*** MATERIAL TO PROCESS Section Begins ***

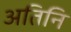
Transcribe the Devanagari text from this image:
अतिनि
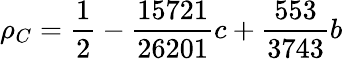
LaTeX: \rho_{C}=\frac{1}{2}-\frac{15721}{26201}c+\frac{553}{3743}b
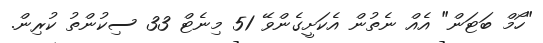
"ހޯމް ބަޓަން" އެއް ނެތުން އެކަށީގެންވޭ 51 މިނެޓް 33 ސިކުންތު ކުރިން.
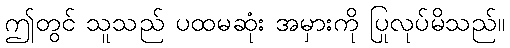
ဤတွင် သူသည် ပထမဆုံး အမှားကို ပြုလုပ်မိသည်။
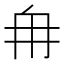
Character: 𮉼
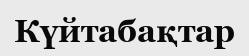
Күйтабақтар
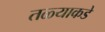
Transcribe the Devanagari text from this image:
तळ्याकडे
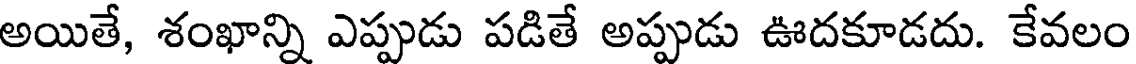
అయితే, శంఖాన్ని ఎప్పుడు పడితే అప్పుడు ఊదకూడదు. కేవలం
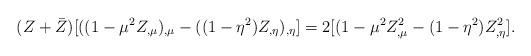
LaTeX: \begin{align*}(Z+\bar{Z})[((1-\mu ^{2}Z_{, \mu})_{, \mu}-((1-\eta^{2})Z_{,\eta})_{,\eta}]=2[(1-\mu ^{2}Z_{, \mu}^{2}-(1-\eta^{2})Z_{,\eta}^{2}].\end{align*}
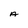
Character: A
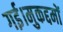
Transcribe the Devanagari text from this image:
गई।मुकद्दमों
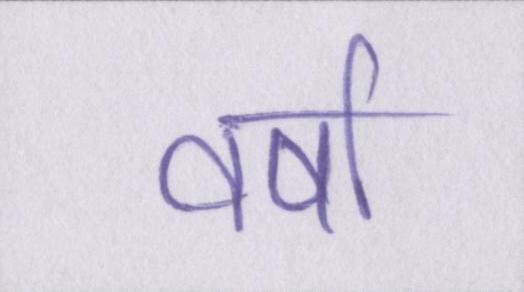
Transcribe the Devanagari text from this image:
वर्षा
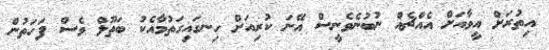
އިތުރަށް އީވާއަށް އެއްޗެއް ނުބުނެވެނީސް އޭނަ ކުރިއަށް ހިނގައިގަތުމާއެކު ބަތޫލް ވެސް ފަހަތުން
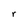
Character: r
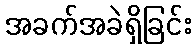
အခက်အခဲရှိခြင်း
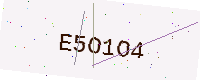
Text: E5O1O4
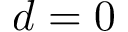
d = 0
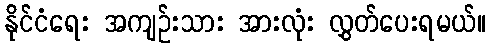
နိုင်ငံရေး အကျဉ်းသား အားလုံး လွှတ်ပေးရမယ်။
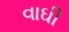
વાઘી
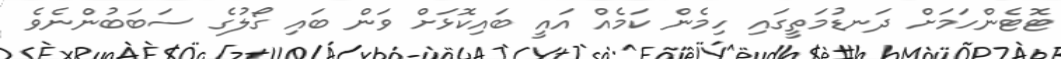
ޓޮޓެންހަމަށް ދަނޑުމަތީގައި ހިމެން ކަމެއް އައީ ބައިކޮޅަށް ވަން ބައި ގޯލުގެ ސަބަބުންނެވެ
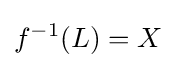
f^{-1}(L)=X
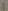
:
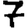
Digit: 7
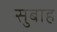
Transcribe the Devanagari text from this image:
सुबाह
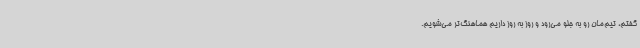
گفتم، تیم‌مان رو به جلو می‌رود و روز به روز داریم هماهنگ‌تر می‌شویم.
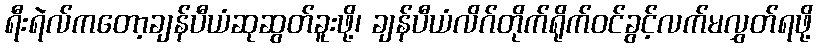
ရီးရဲလ်ကတော့ချန်ပီယံဆုဆွတ်ခူးဖို့၊ ချန်ပီယံလိဂ်တိုက်ရိုက်ဝင်ခွင့်လက်မလွှတ်ရဖို့
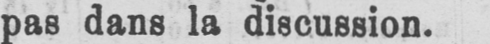
pas dans la discussion.
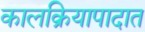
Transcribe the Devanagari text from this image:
कालक्रियापादात
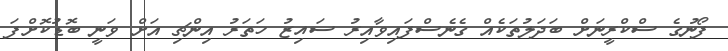
ފޯނުގެ ސްކްރީނަށް ބަދަލުތަކެއް ގެނެސްފައިވާއިރު ސައިޒު ހަތަރު އިންޗި އަށް ވަނީ ބޮޑުކޮށްފަ
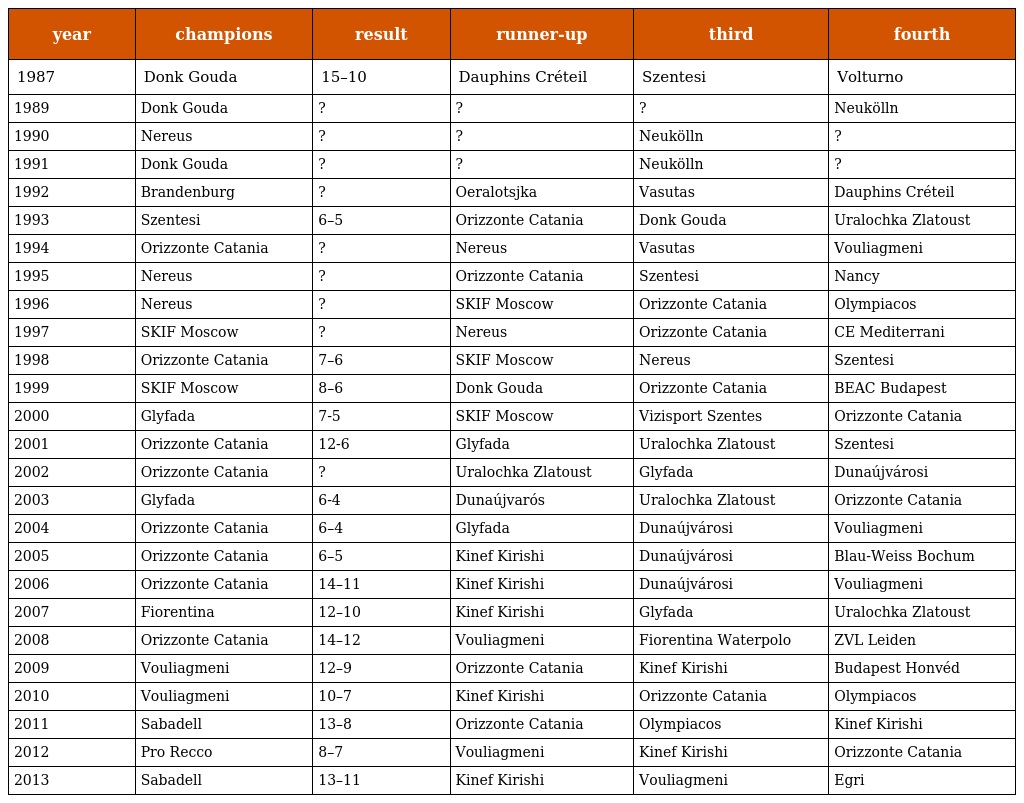
| year | champions | result | runner-up | third | fourth |
 | --- | --- | --- | --- | --- | --- |
 | 1987 | Donk Gouda | 15–10 | Dauphins Créteil | Szentesi | Volturno |
 | 1989 | Donk Gouda | ? | ? | ? | Neukölln |
 | 1990 | Nereus | ? | ? | Neukölln | ? |
 | 1991 | Donk Gouda | ? | ? | Neukölln | ? |
 | 1992 | Brandenburg | ? | Oeralotsjka | Vasutas | Dauphins Créteil |
 | 1993 | Szentesi | 6–5 | Orizzonte Catania | Donk Gouda | Uralochka Zlatoust |
 | 1994 | Orizzonte Catania | ? | Nereus | Vasutas | Vouliagmeni |
 | 1995 | Nereus | ? | Orizzonte Catania | Szentesi | Nancy |
 | 1996 | Nereus | ? | SKIF Moscow | Orizzonte Catania | Olympiacos |
 | 1997 | SKIF Moscow | ? | Nereus | Orizzonte Catania | CE Mediterrani |
 | 1998 | Orizzonte Catania | 7–6 | SKIF Moscow | Nereus | Szentesi |
 | 1999 | SKIF Moscow | 8–6 | Donk Gouda | Orizzonte Catania | BEAC Budapest |
 | 2000 | Glyfada | 7-5 | SKIF Moscow | Vizisport Szentes | Orizzonte Catania |
 | 2001 | Orizzonte Catania | 12-6 | Glyfada | Uralochka Zlatoust | Szentesi |
 | 2002 | Orizzonte Catania | ? | Uralochka Zlatoust | Glyfada | Dunaújvárosi |
 | 2003 | Glyfada | 6-4 | Dunaújvarós | Uralochka Zlatoust | Orizzonte Catania |
 | 2004 | Orizzonte Catania | 6–4 | Glyfada | Dunaújvárosi | Vouliagmeni |
 | 2005 | Orizzonte Catania | 6–5 | Kinef Kirishi | Dunaújvárosi | Blau-Weiss Bochum |
 | 2006 | Orizzonte Catania | 14–11 | Kinef Kirishi | Dunaújvárosi | Vouliagmeni |
 | 2007 | Fiorentina | 12–10 | Kinef Kirishi | Glyfada | Uralochka Zlatoust |
 | 2008 | Orizzonte Catania | 14–12 | Vouliagmeni | Fiorentina Waterpolo | ZVL Leiden |
 | 2009 | Vouliagmeni | 12–9 | Orizzonte Catania | Kinef Kirishi | Budapest Honvéd |
 | 2010 | Vouliagmeni | 10–7 | Kinef Kirishi | Orizzonte Catania | Olympiacos |
 | 2011 | Sabadell | 13–8 | Orizzonte Catania | Olympiacos | Kinef Kirishi |
 | 2012 | Pro Recco | 8–7 | Vouliagmeni | Kinef Kirishi | Orizzonte Catania |
 | 2013 | Sabadell | 13–11 | Kinef Kirishi | Vouliagmeni | Egri |
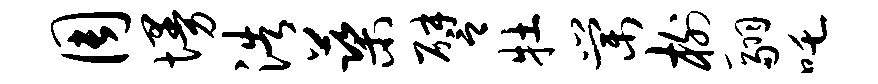
周墁浩蕖譬牡棠榭翮吒
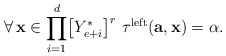
\begin{align*}\forall\,\mathbf{x}\in\displaystyle{\prod_{i=1}^{d}}\big{[}Y_{e+i}^{*}\big{]}^{r}\,\,\tau^{\mathrm{left}}(\mathbf{a},\mathbf{x})=\alpha.\end{align*}
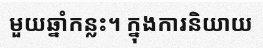
មួយឆ្នាំកន្លះ។ ក្នុងការនិយាយ
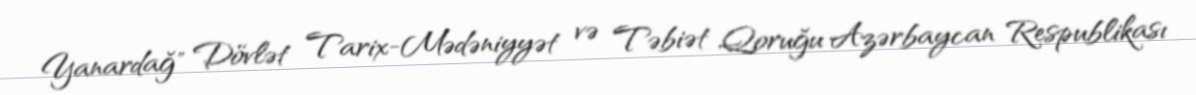
Yanardağ" Dövlət Tarix-Mədəniyyət və Təbiət Qoruğu Azərbaycan Respublikası
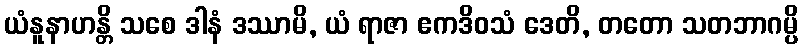
ယံနူနာဟန္တိ သစေ ဒါနံ ဒဿာမိ, ယံ ရာဇာ ဧကဒိဝသံ ဒေတိ, တတော သတဘာဂမ္ပိ
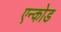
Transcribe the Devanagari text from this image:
एन्कोड
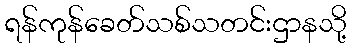
ရန်ကုန်ခေတ်သစ်သတင်းဌာနသို့
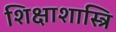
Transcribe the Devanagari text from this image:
शिक्षाशास्त्रि
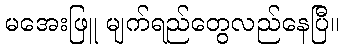
မအေးဖြူ မျက်ရည်တွေလည်နေပြီ။
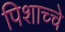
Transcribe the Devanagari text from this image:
पिशाच्चे
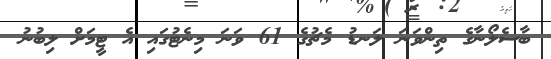
ބާސެލޯނާގެ ތިންވަނަ ލަނޑު މެޗުގެ 61 ވަނަ މިނެޓުގައި އެ ޓީމަށް ލިބުނު
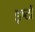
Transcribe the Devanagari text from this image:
इष्‍टों
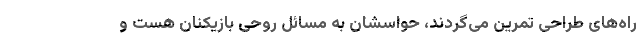
راه‌های طراحی تمرین می‌گردند، حواسشان به مسائل روحی بازیکنان هست و
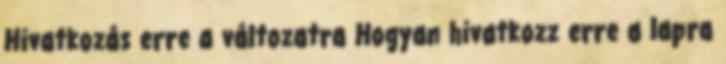
Hivatkozás erre a változatra Hogyan hivatkozz erre a lapra
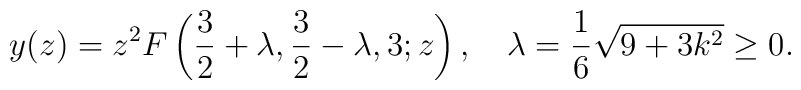
y(z)=z^2 F\left(\frac{3}{2}+\lambda,\frac{3}{2}-\lambda,3;z\right),\quad \lambda=\frac{1}{6}\sqrt{9+3k^2}\ge 0.
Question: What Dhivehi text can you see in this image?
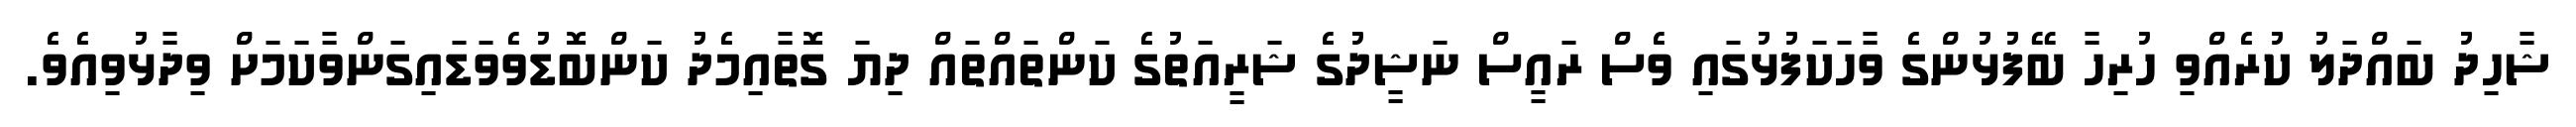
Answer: ޝާހިދު ބައްދަލު ކުރެއްވި ހުރިހާ ބޭފުޅުންގެ ވާހަކަފުޅުގައި ވެސް ރައީސް ނަޝީދުގެ ޝަރީއަތުގެ ކަންތައްތައް ދިޔަ ގޮތާއިމެދު ކަންބޮޑުވެވަޑައިގަންވާކަމަށް ވިދާޅުވިއެވެ.
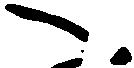
へ
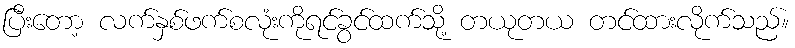
ပြီးတော့ လက်နှစ်ဖက်စလုံးကိုရင်ခွင်ထက်သို့ တယုတယ တင်ထားလိုက်သည်။
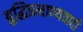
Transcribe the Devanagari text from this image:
बुद्धिप्रमाण्यवादी
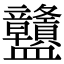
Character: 䀍
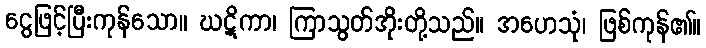
ငွေဖြင့်ပြီးကုန်သော။ ဃဋိကာ၊ ကြာသွတ်အိုးတို့သည်။ အဟေသုံ၊ ဖြစ်ကုန်၏။

*** MATERIAL TO PROCESS Section Ends ***

— WHAT YOU NEED TO DO —
Of the entries listed above, reproduce only the lines starting at the line containing "Zlatoust | Orizzonte Catania |" and ending at the line containing "Kirishi | Dunaújvárosi | Vouliagmeni |". Include both, exactly as they stand.

— OUTPUT OF THE TASK —
 | 2003 | Glyfada | 6-4 | Dunaújvarós | Uralochka Zlatoust | Orizzonte Catania |
 | 2004 | Orizzonte Catania | 6–4 | Glyfada | Dunaújvárosi | Vouliagmeni |
 | 2005 | Orizzonte Catania | 6–5 | Kinef Kirishi | Dunaújvárosi | Blau-Weiss Bochum |
 | 2006 | Orizzonte Catania | 14–11 | Kinef Kirishi | Dunaújvárosi | Vouliagmeni |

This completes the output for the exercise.